Despite studies on the genetics of the species and its populations (e.g., Afroosheh et al. 2019; Malekoutian et al. 2020), fine-scale research on the ecology of the species at different stages of its life cycle is limited (e.g., Sharifi and Afroosheh 2014; Farasat and Sharifi 2014; Afroosheh et al. 2016). No information is available on temperature fluctuations in springs and streams in the larval stage, fluctuations in water parameters due to seasonal temperature changes, and the trend of land use/land cover change in the species distribution range. The information about the habitat of the Kurdistan salamanders in Iraq is also limited. These factors have led to insufficient knowledge of the species to implement conservation plans in the future. More detailed studies at fine scales are suggested for investigating the habitats of Kurdistan newts. According to the studies, the research findings will be more in line with the ecological characteristics of newts at this scale (Ficetola et al. 2018).
Conclusion
Many environmental factors that can affect the habitat of plant and animal species can dynamically be retrieved from satellite images. It is possible to provide them on fine or coarse scales depending on the type of satellite. This information leads to a complete view of habitat conditions, a finding that may not be detectable using just SDMs due to the frequency and up-to-datedness of this data, especially in the case of amphibians, which are highly sensitive to climate and its changes.

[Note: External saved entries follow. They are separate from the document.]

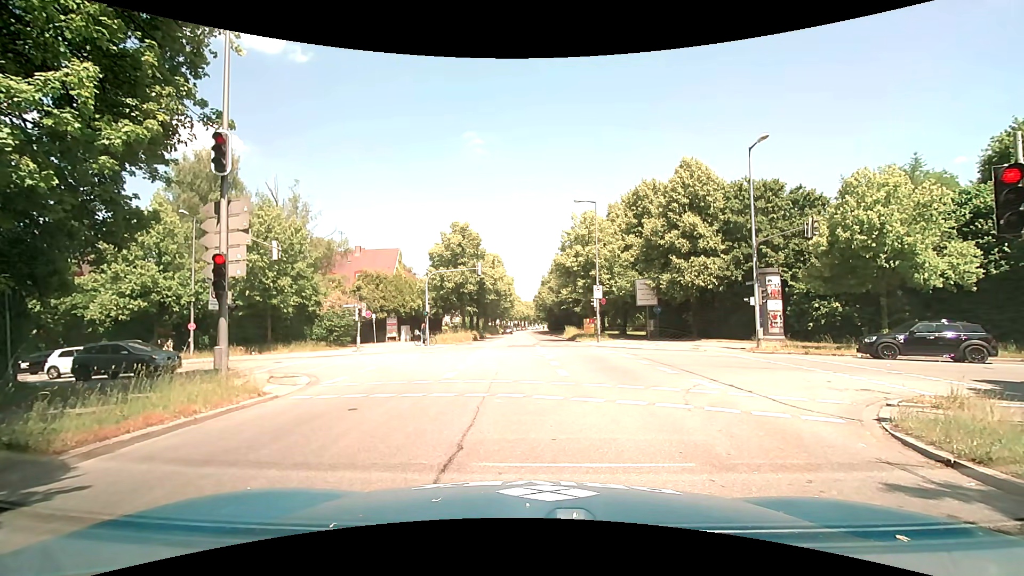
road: secondary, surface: asphalt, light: Day
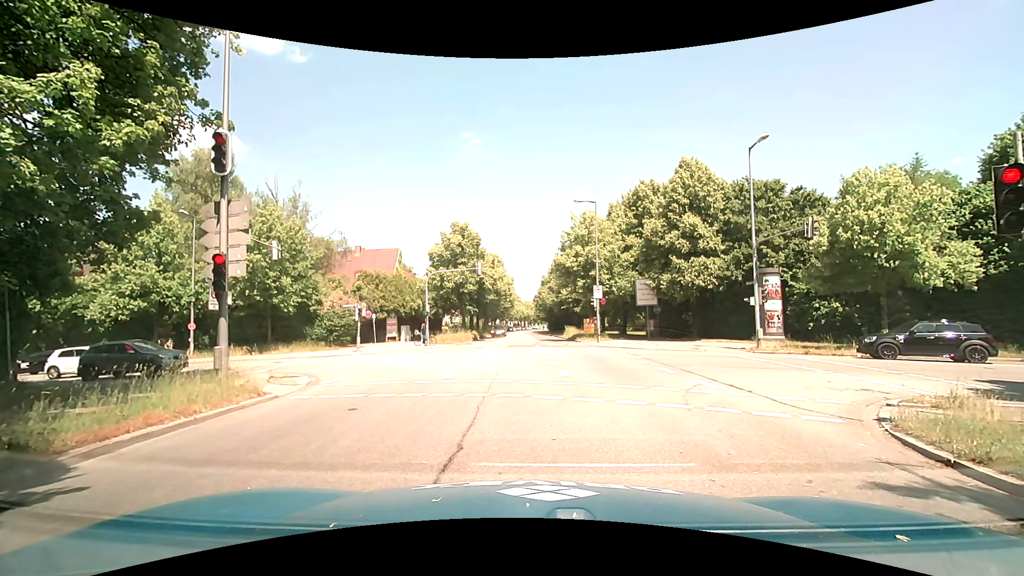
(0.0, 0.0) m; 0°
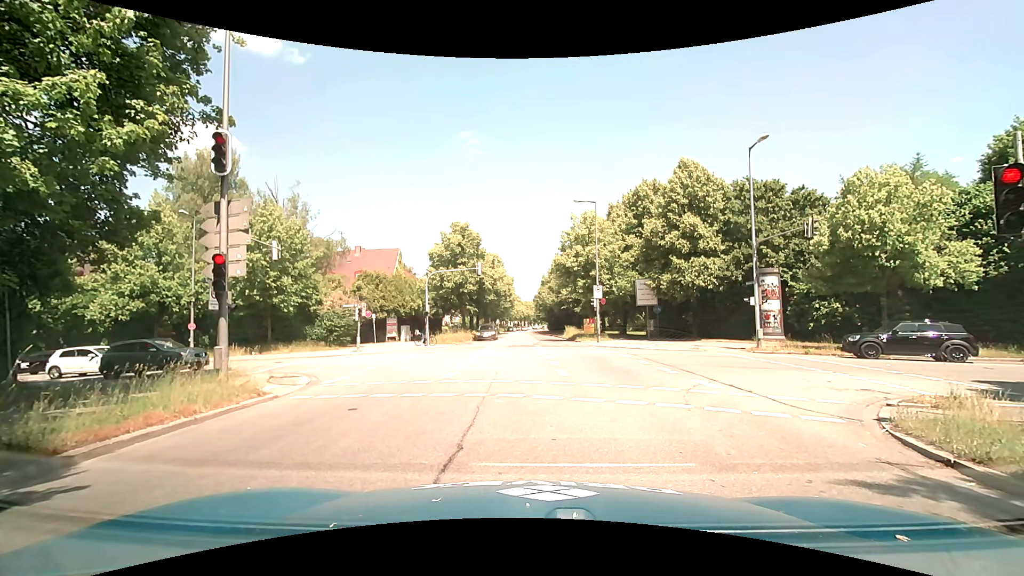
(0.0, 0.0) m; 0°
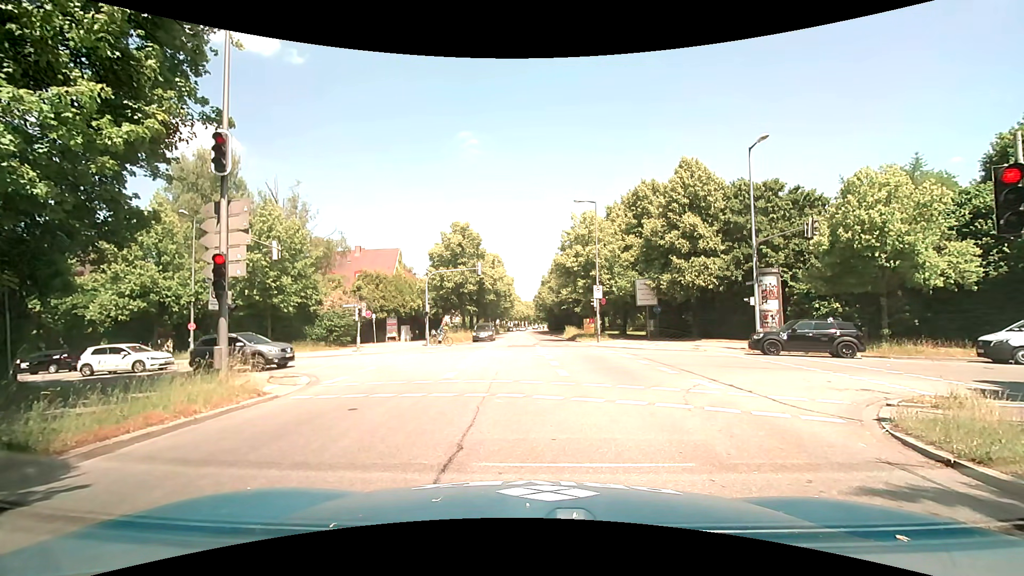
(0.0, 0.0) m; 0°
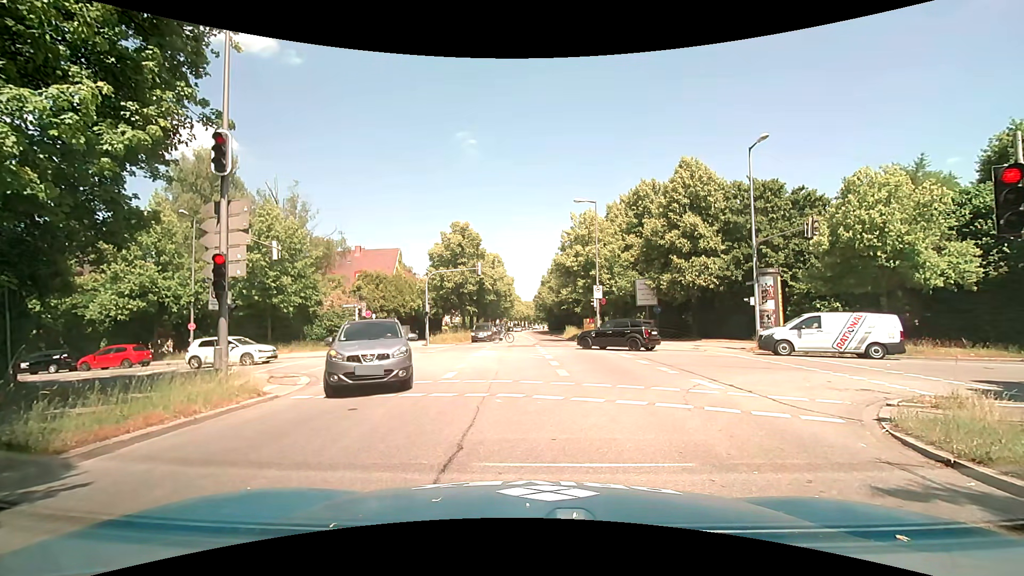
(0.0, 0.0) m; 0°
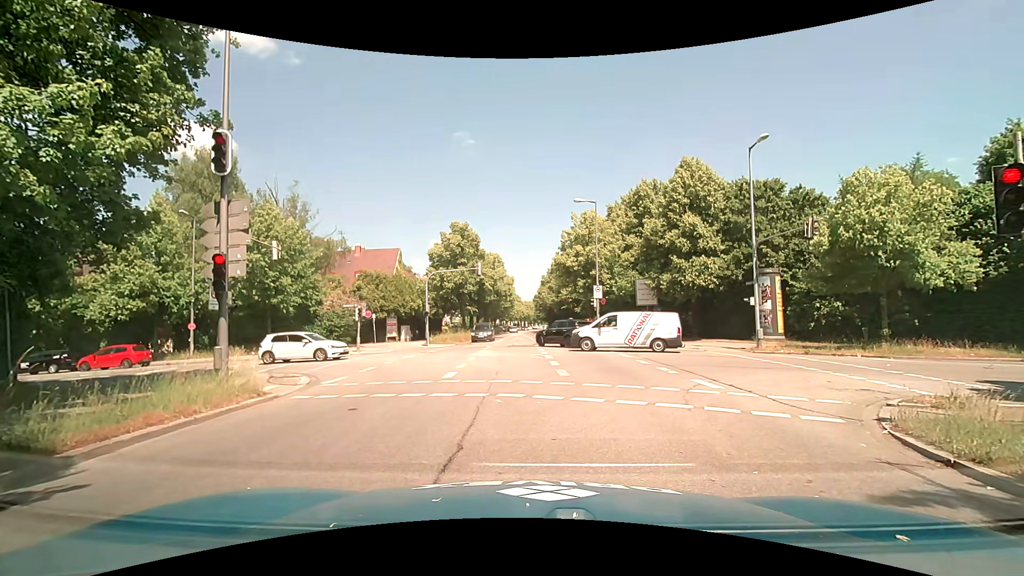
(0.0, 0.0) m; 0°
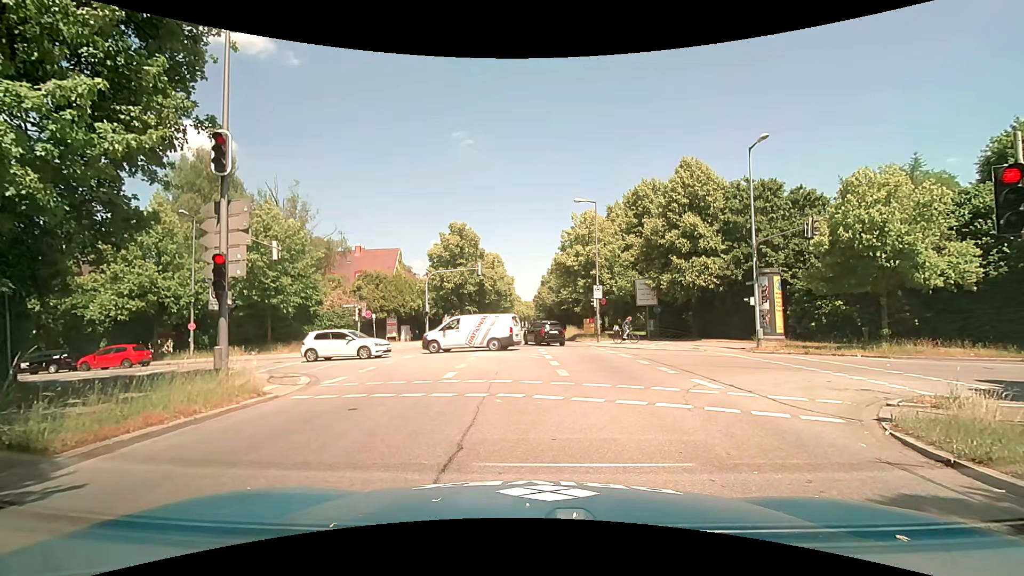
(0.0, 0.0) m; 0°
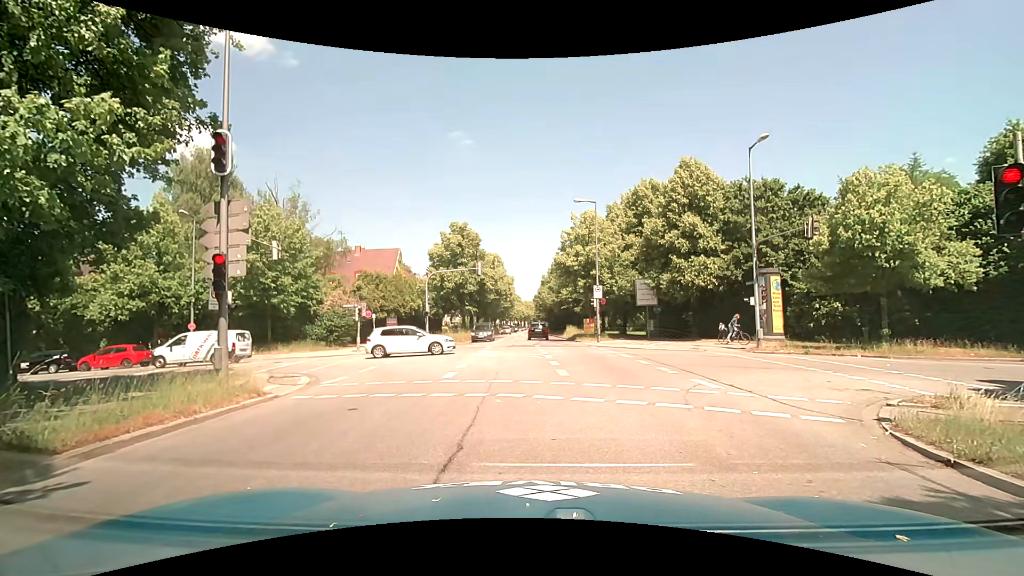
(0.0, 0.0) m; 0°

The trend analysis tests, examining homogeneity to identify data breakpoints, provide very efficient results that can reveal differences in species distribution range when combined with environmental data. The findings clearly showed the difference between the results of SDMs and the current conditions in terms of the species vulnerability to temperature. The complex relationships between temperature and habitat parameters and different stages of amphibian life reveal the possibility of predicting unsuitable conditions for the species in this study. Kurdistan newt in the southern part of its distribution area, i.e., in Iran, experiences more severe conditions in terms of temperature increase, and this increasing trend in seasons such as winter can lead to the disruption of behavioral adaptations. Relying on the findings of this study and such fine-scale studies about the effect of temperature or other dynamic variables such as humidity and vegetation on different life stages and habitats of newts, the species populations can be managed by captive breeding and reintroduction in areas with no trends.
Availability of data and materials
Data are available upon reasonable request.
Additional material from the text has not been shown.